◆ **Work task**: Every record that follows must be set down word for word.

Saved entries
________________________________________

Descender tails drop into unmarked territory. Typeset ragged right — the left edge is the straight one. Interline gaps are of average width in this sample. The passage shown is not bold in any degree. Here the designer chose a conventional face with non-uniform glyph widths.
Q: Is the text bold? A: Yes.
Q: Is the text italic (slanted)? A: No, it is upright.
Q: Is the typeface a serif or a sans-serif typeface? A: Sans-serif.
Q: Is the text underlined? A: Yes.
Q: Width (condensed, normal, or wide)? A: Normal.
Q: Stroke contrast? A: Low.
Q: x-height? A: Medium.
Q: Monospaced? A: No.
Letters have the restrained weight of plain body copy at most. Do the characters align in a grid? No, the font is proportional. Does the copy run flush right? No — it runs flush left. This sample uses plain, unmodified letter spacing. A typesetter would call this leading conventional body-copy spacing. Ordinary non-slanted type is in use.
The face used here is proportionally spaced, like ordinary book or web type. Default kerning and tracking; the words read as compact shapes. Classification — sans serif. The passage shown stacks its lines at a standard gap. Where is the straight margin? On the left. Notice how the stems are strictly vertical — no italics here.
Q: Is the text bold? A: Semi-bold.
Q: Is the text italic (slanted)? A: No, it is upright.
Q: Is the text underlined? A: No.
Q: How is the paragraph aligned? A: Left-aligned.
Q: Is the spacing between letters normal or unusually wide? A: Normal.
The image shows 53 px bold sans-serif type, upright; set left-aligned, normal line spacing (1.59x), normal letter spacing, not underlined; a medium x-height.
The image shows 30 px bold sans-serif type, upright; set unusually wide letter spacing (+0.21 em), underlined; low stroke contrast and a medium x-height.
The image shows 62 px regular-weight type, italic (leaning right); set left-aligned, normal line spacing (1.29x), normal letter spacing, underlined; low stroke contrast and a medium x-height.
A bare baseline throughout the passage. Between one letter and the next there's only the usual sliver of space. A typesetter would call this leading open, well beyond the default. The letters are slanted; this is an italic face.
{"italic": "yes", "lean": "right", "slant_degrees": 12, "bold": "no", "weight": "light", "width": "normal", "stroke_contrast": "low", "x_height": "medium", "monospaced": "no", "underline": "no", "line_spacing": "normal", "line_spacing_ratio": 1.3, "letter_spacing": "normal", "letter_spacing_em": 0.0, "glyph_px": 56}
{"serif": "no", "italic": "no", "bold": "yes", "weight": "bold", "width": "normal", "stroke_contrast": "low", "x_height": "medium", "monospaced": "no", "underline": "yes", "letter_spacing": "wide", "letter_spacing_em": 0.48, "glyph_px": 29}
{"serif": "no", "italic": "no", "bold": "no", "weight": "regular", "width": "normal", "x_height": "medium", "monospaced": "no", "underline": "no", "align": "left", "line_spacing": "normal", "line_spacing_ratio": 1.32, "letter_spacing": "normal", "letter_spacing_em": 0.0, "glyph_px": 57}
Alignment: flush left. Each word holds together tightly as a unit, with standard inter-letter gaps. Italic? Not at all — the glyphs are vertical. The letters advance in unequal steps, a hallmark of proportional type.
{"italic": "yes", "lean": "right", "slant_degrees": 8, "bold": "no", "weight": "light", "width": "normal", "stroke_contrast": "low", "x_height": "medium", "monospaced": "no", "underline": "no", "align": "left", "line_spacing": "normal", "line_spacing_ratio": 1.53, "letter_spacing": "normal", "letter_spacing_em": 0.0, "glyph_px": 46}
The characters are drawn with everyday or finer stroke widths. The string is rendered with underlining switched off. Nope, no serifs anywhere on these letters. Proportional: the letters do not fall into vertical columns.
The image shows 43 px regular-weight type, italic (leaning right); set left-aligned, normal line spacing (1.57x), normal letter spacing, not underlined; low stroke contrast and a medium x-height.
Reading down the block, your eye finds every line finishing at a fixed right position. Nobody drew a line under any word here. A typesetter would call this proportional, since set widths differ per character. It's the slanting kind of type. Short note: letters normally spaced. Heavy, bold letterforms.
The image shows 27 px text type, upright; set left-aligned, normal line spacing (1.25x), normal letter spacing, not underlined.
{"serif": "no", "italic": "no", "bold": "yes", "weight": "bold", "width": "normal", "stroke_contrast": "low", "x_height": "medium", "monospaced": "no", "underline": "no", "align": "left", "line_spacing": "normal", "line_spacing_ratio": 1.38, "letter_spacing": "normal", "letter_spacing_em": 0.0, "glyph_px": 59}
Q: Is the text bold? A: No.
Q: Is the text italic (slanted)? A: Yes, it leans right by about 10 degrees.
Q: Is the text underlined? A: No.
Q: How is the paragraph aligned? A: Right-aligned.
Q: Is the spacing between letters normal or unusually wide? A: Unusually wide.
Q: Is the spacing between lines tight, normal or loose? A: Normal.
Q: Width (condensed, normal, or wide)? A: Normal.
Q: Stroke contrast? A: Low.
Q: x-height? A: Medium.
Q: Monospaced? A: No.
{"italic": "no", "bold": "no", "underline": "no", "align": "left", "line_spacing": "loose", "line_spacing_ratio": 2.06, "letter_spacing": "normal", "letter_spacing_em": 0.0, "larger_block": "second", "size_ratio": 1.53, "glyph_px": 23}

________________________________________

◆ **Response**:
Descender tails drop into unmarked territory. Typeset ragged right — the left edge is the straight one. Interline gaps are of average width in this sample. The passage shown is not bold in any degree. Here the designer chose a conventional face with non-uniform glyph widths.
Q: Is the text bold? A: Yes.
Q: Is the text italic (slanted)? A: No, it is upright.
Q: Is the typeface a serif or a sans-serif typeface? A: Sans-serif.
Q: Is the text underlined? A: Yes.
Q: Width (condensed, normal, or wide)? A: Normal.
Q: Stroke contrast? A: Low.
Q: x-height? A: Medium.
Q: Monospaced? A: No.
Letters have the restrained weight of plain body copy at most. Do the characters align in a grid? No, the font is proportional. Does the copy run flush right? No — it runs flush left. This sample uses plain, unmodified letter spacing. A typesetter would call this leading conventional body-copy spacing. Ordinary non-slanted type is in use.
The face used here is proportionally spaced, like ordinary book or web type. Default kerning and tracking; the words read as compact shapes. Classification — sans serif. The passage shown stacks its lines at a standard gap. Where is the straight margin? On the left. Notice how the stems are strictly vertical — no italics here.
Q: Is the text bold? A: Semi-bold.
Q: Is the text italic (slanted)? A: No, it is upright.
Q: Is the text underlined? A: No.
Q: How is the paragraph aligned? A: Left-aligned.
Q: Is the spacing between letters normal or unusually wide? A: Normal.
The image shows 53 px bold sans-serif type, upright; set left-aligned, normal line spacing (1.59x), normal letter spacing, not underlined; a medium x-height.
The image shows 30 px bold sans-serif type, upright; set unusually wide letter spacing (+0.21 em), underlined; low stroke contrast and a medium x-height.
The image shows 62 px regular-weight type, italic (leaning right); set left-aligned, normal line spacing (1.29x), normal letter spacing, underlined; low stroke contrast and a medium x-height.
A bare baseline throughout the passage. Between one letter and the next there's only the usual sliver of space. A typesetter would call this leading open, well beyond the default. The letters are slanted; this is an italic face.
{"italic": "yes", "lean": "right", "slant_degrees": 12, "bold": "no", "weight": "light", "width": "normal", "stroke_contrast": "low", "x_height": "medium", "monospaced": "no", "underline": "no", "line_spacing": "normal", "line_spacing_ratio": 1.3, "letter_spacing": "normal", "letter_spacing_em": 0.0, "glyph_px": 56}
{"serif": "no", "italic": "no", "bold": "yes", "weight": "bold", "width": "normal", "stroke_contrast": "low", "x_height": "medium", "monospaced": "no", "underline": "yes", "letter_spacing": "wide", "letter_spacing_em": 0.48, "glyph_px": 29}
{"serif": "no", "italic": "no", "bold": "no", "weight": "regular", "width": "normal", "x_height": "medium", "monospaced": "no", "underline": "no", "align": "left", "line_spacing": "normal", "line_spacing_ratio": 1.32, "letter_spacing": "normal", "letter_spacing_em": 0.0, "glyph_px": 57}
Alignment: flush left. Each word holds together tightly as a unit, with standard inter-letter gaps. Italic? Not at all — the glyphs are vertical. The letters advance in unequal steps, a hallmark of proportional type.
{"italic": "yes", "lean": "right", "slant_degrees": 8, "bold": "no", "weight": "light", "width": "normal", "stroke_contrast": "low", "x_height": "medium", "monospaced": "no", "underline": "no", "align": "left", "line_spacing": "normal", "line_spacing_ratio": 1.53, "letter_spacing": "normal", "letter_spacing_em": 0.0, "glyph_px": 46}
The characters are drawn with everyday or finer stroke widths. The string is rendered with underlining switched off. Nope, no serifs anywhere on these letters. Proportional: the letters do not fall into vertical columns.
The image shows 43 px regular-weight type, italic (leaning right); set left-aligned, normal line spacing (1.57x), normal letter spacing, not underlined; low stroke contrast and a medium x-height.
Reading down the block, your eye finds every line finishing at a fixed right position. Nobody drew a line under any word here. A typesetter would call this proportional, since set widths differ per character. It's the slanting kind of type. Short note: letters normally spaced. Heavy, bold letterforms.
The image shows 27 px text type, upright; set left-aligned, normal line spacing (1.25x), normal letter spacing, not underlined.
{"serif": "no", "italic": "no", "bold": "yes", "weight": "bold", "width": "normal", "stroke_contrast": "low", "x_height": "medium", "monospaced": "no", "underline": "no", "align": "left", "line_spacing": "normal", "line_spacing_ratio": 1.38, "letter_spacing": "normal", "letter_spacing_em": 0.0, "glyph_px": 59}
Q: Is the text bold? A: No.
Q: Is the text italic (slanted)? A: Yes, it leans right by about 10 degrees.
Q: Is the text underlined? A: No.
Q: How is the paragraph aligned? A: Right-aligned.
Q: Is the spacing between letters normal or unusually wide? A: Unusually wide.
Q: Is the spacing between lines tight, normal or loose? A: Normal.
Q: Width (condensed, normal, or wide)? A: Normal.
Q: Stroke contrast? A: Low.
Q: x-height? A: Medium.
Q: Monospaced? A: No.
{"italic": "no", "bold": "no", "underline": "no", "align": "left", "line_spacing": "loose", "line_spacing_ratio": 2.06, "letter_spacing": "normal", "letter_spacing_em": 0.0, "larger_block": "second", "size_ratio": 1.53, "glyph_px": 23}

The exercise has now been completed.